Il ratto d’Europa è ricostruito in forma teatrale; nello spazio centrale la fanciulla fenicia è in groppa a un grande toro bianco che sorvola il mare (la traversata è menzionata anche nelle due hydriai ceretane di Villa Giulia e del Louvre), poi la rivediamo riccamente abbigliata accanto al rapitore Zeus, preceduta da Hermes che personifica Creta, il nuovo approdo, l’avamposto dell’Occidente che acquisendo linfa dall’Oriente assumerà il nome di Europa. Visioni oniriche e visioni iperrealistiche, la spiritualità cede il campo al quotidiano con la nutrita teoria dei piatti “da pesce” partoriti dalla maestria degli artigiani apuli. I “fondali” riguardano, però, anche il paesaggio terrestre animato, sui vasi a figure nere, da alberi stilizzati come quelli di VI secolo del pittore di Antimenes. Tra i tanti dedicati a Dioniso, commuove l’anfora del Pittore del Vaticano 350 con il compianto del guerriero morto che giace su un letto di rami fogliati, appoggiato a un tronco la panoplia e il mantello. Gli fa da specchio la cruenta battaglia dipinta a figure rosse di IV secolo, il cavaliere dall’armatura italiota intento ad uccidere il nemico.
Capitolo terzo: «La natura coltivata dono degli dei». Gli dei, benefici, interagiscono con la gente comune a cui impartisce le nozioni per procurarsi da vivere. Nei vasi attici a figure rosse di V e IV secolo a. C. ci sono Atena che sovrintende alla raccolta delle olive e alla vendita dell’olio, Dioniso, Semele e Arianna che governano la coltivazione della vite e la trasformazione in vino, Demetra, dea del grano e della fertilità che segna il passaggio delle stagioni, il misterioso Trittolemo che insegna all’uomo l’uso dell’aratro. Il suo volto regale lo ammiriamo nella pregevole scultura in marmo bianco di età imperiale, recentemente rinvenuta a Santa Maria Capua Vetere.
Capitolo quarto: «Il giardino incantato». Cambiano sensibilità e simboli nel periodo che traghetta all’ellenismo. Le composizioni diventano più sofisticate, prevale il gusto ornamentale dettato dalla corte macedone di Filippo II ed Alessandro – lo “copieranno” i romani per esaltare l’impero che fiorisce nella pace – le decorazioni, prevalentemente floreali, sono un misto tra realismo ed artificio, la pittura si affina con l’uso del chiaroscuro, le produzioni, elaboratissime, strizzano l’occhio al lusso. L’aldilà non è più tenebra ma, complice l’influenza delle dottrine pitagoriche, luogo di felicità ultraterrena, il fiabesco Giardino delle Esperidi – c’è una grandiosa parata in mostra di crateri e piatti cerimoniali – è descritto minuziosamente dai ceramografi magnogreci.

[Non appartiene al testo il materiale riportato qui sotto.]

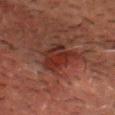A male patient, about 50 years old.
A close-up tile cropped from a whole-body skin photograph, about 15 mm across.
An algorithmic analysis of the crop reported an area of roughly 11 mm², a shape eccentricity near 0.75, and a symmetry-axis asymmetry near 0.3. And it measured a mean CIELAB color near L≈22 a*≈20 b*≈21, about 7 CIELAB-L* units darker than the surrounding skin, and a lesion-to-skin contrast of about 7.5 (normalized; higher = more distinct). It also reported a color-variation rating of about 5/10.
The tile uses cross-polarized illumination.
The lesion is on the head or neck.
About 4.5 mm across.

Il repertorio di vasellame, argenteria, cristalli di rocca, rilievi marmorei seduce. Basti pensare al citato Vaso blu o al notissimo Rilievo Grimani, prestato da Vienna, la pecora con i suoi cuccioli scolpiti con naturalezza.
Quinto e sesto capitolo: «La scoperta del paesaggio. Il verde reale e il verde dipinto». Sena Chiesa porta l’attenzione sull’altra novità del periodo di transizione dal classicismo all’ellenismo, la creazione di ampie vedute, i “topia”. La seconda parte della mostra è una vera e propria pinacoteca costellata da affreschi con scorci paesaggistici che rivelano l’affinarsi della pittura con effetti coloristici e l’uso di prospettiva e luce come illusionismo spaziale. Sono paesaggi della mente, di maniera, quelli che fanno da sfondo a cacce principesche – vedi la lastra tombale di Paestum – o a scenografie idilliache con citazioni mitologiche, una fra tutte il Bacco alla pendici del Vesuvio della collezione Impresa Sampaolo. La maggior parte dei dipinti – foreste, grotte, cascatelle, prati punteggiati di fiori, tempietti, esotiche vedute nilotiche – sono di età romana (il “deposito” è Pompei), frammenti di sontuosi cicli parietali reiterati da bravi artigiani, buoni per tutte le tasche, sul modello di artisti celebri appannaggio esclusivo delle élite. Adornano le abitazioni cittadine e le ville marittime edificate lungo le coste laziali e campane, furoreggiano nelle grandiose dimore lacustri del nord Italia, il Mediterraneo ai piedi delle Alpi. Nasce la pittura dei giardini, il verde, esuberante, si dilata dall’esterno all’interno della domus. È ancora Pompei a farci da guida con i ben conservati affreschi della Casa del Bracciale d’oro. La manipolazione, l’invenzione iconografica dà vita anche a un altro genere pittorico, “xenia” dal dono di prodotti commestibili all’ospite , “nature morte” preferiamo definirle oggi. Tra tutte spicca il trittico, stupendo, proveniente dalla Casa dei Cervi di Ercolano.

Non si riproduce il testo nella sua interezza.